When CCPA Applies to Your Business
CCPA applies to you if you meet ANY of these criteria:
- You do business in California and collect personal information from California residents
- Your annual gross revenue exceeds $25 million (from any source, not just California)
- You buy, sell, or share data of 100,000 or more California residents or households
- You derive 50% or more of your annual revenue from selling or sharing consumers' personal information
CCPA applies even if your business is located outside California. If you collect data from California residents, you must comply.
What CCPA Requires in Your Privacy Policy
Your Privacy Policy must disclose, in plain language:
1. Categories of personal information collected
- Identifiers (name, email, address, phone, IP address)
- Commercial information (purchase history, transaction data)
- Biometric information (fingerprints, voice, facial recognition)
- Internet activity (browsing history, interaction with ads, cookies)
- Geolocation data
- Sensory information (audio/video recordings)
- Professional information (employment history, credentials)
- Education information
- Inferred information (profiles reflecting preferences, characteristics)
2. Purpose of collection
Explain why you collect each category. Examples:
- Processing transactions
- Providing customer service
- Marketing and advertising
- Analytics and improving services
- Security and fraud detection
- Legal compliance
3. Whether you sell or share consumer personal information
Clearly state: "We [do/do not] sell or share personal information as defined by CCPA." If you do, list what categories you sell and to whom.
4. Consumer rights
California residents have these rights under CCPA:
- Right to know: Access what personal information you collect about them
- Right to delete: Request deletion of their personal information
- Right to opt-out: Opt out of the sale or sharing of their personal information
- Right to correct: Request correction of inaccurate personal information
- Right to limit use: Limit how their sensitive personal information is used
Your Privacy Policy must explain how to exercise these rights and your timeframe for responding (typically 45 days, extendable to 90 days).
5. No discrimination for exercising rights
State that you won't discriminate against consumers who exercise their CCPA rights. You can't deny service, charge different prices, or provide different quality of service.
How to Structure Your CCPA Privacy Policy
Section 1: Personal Information We Collect
List categories and explain collection methods (forms, cookies, third-party sources, etc.).
Section 2: Use of Personal Information
Explain business and commercial purposes for each category.
Section 3: Sale or Sharing of Personal Information
"We [do/do not] sell or share personal information. If we do, this section discloses: what categories, to whom, and how users can opt out."
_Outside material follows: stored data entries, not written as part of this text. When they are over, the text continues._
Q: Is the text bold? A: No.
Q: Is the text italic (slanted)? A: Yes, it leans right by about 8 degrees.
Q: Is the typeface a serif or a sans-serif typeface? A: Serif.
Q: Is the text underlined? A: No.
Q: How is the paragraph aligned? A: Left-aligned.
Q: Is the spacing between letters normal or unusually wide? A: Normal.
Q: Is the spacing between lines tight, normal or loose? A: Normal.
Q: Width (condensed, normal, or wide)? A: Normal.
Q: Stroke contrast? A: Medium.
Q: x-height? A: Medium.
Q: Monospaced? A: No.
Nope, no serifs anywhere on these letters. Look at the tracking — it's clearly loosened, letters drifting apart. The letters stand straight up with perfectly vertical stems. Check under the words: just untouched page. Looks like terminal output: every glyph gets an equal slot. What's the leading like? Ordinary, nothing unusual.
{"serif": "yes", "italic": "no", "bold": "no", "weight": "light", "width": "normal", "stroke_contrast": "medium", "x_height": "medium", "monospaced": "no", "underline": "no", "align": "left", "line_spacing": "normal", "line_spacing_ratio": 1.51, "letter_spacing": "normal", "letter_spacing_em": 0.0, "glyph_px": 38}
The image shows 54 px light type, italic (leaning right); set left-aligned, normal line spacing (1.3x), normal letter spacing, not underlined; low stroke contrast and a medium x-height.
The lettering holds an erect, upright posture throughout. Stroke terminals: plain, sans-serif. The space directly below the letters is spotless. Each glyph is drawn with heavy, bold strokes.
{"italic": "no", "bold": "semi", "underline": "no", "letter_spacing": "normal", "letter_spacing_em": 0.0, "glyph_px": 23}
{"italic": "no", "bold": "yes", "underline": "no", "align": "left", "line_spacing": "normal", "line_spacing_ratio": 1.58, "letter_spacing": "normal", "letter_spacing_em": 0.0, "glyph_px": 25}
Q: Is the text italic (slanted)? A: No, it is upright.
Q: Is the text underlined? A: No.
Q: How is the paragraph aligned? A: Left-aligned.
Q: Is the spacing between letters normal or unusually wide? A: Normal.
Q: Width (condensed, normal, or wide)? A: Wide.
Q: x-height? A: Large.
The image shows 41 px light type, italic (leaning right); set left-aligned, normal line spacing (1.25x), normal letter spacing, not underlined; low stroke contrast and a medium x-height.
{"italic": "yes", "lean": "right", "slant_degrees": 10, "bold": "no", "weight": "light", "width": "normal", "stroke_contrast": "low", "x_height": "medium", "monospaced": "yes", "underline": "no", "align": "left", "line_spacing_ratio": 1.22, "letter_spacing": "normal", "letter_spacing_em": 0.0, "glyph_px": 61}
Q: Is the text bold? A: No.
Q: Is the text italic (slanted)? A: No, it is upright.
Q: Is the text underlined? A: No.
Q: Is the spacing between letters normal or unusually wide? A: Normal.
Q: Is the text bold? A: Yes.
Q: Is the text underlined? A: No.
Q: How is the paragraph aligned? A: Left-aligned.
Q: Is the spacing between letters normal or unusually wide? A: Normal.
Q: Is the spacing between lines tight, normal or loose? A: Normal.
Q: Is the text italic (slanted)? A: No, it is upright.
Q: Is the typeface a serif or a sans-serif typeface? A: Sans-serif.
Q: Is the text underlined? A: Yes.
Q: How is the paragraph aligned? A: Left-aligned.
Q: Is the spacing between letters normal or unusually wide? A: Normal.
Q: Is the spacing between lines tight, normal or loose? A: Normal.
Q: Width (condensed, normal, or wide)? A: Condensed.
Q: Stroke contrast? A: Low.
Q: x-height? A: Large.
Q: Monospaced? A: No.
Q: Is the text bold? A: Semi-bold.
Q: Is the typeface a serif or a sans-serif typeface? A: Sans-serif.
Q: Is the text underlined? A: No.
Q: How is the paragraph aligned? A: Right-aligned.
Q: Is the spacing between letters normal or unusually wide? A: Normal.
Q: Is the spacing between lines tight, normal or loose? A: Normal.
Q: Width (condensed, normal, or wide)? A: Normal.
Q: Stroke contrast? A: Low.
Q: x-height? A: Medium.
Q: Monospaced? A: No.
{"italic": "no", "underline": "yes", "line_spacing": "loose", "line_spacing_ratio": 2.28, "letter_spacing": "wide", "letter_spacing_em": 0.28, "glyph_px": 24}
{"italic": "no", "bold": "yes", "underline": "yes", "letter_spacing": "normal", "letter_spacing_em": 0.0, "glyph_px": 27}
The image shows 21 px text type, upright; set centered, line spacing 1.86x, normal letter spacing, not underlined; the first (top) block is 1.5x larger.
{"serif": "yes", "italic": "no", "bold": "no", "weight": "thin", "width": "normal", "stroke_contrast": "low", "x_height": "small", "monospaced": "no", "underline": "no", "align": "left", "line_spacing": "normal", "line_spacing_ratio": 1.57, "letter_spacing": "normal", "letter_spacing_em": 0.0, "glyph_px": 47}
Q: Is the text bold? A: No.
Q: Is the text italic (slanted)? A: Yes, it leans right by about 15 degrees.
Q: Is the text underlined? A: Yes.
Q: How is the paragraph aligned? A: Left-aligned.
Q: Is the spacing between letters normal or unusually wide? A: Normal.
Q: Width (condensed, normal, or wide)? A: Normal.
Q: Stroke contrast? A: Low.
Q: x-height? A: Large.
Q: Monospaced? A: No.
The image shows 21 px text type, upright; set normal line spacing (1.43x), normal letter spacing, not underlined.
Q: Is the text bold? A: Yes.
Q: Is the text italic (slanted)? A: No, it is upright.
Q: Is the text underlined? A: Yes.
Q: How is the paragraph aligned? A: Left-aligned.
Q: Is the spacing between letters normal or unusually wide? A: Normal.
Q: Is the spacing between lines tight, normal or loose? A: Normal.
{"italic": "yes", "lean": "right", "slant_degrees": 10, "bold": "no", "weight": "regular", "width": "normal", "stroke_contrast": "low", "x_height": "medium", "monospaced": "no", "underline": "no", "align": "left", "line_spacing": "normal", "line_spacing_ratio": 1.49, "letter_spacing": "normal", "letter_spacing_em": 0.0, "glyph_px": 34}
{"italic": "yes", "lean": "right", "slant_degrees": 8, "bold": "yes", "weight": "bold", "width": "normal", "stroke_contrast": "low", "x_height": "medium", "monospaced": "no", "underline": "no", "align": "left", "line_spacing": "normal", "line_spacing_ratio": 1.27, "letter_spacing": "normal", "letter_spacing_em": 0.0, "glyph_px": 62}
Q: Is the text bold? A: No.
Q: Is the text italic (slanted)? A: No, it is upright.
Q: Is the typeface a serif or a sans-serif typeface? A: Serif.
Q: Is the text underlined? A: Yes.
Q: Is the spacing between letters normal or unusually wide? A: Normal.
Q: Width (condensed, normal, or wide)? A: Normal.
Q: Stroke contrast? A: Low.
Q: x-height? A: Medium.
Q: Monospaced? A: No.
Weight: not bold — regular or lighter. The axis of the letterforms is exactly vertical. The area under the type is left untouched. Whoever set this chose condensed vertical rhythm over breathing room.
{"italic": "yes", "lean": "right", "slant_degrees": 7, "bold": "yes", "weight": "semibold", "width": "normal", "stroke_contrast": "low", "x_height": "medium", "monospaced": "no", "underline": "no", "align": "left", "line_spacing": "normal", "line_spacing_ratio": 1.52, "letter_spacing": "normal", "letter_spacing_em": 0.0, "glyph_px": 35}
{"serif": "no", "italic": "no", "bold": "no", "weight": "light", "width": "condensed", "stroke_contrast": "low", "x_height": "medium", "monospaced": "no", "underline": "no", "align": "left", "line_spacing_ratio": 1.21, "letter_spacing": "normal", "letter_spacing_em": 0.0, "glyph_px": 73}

Section 4: Consumer Rights and How to Exercise Them
Include a prominent link or button for users to submit requests (access, deletion, opt-out). Provide email, phone, or web form.
Section 5: Retention of Personal Information
Explain how long you keep different types of data.
Section 6: Third-Party Service Providers and Partners
List companies you share data with (analytics, payment processors, marketing platforms).
Important CCPA Compliance Details
"Sell" vs. "Share": CCPA defines "sell" as exchanging personal information for monetary consideration. "Share" (added by the CPRA in 2020) includes sharing for cross-context behavioral advertising. If you use Meta Pixel or Google Ads, you may be "sharing" data even if you're not being paid directly.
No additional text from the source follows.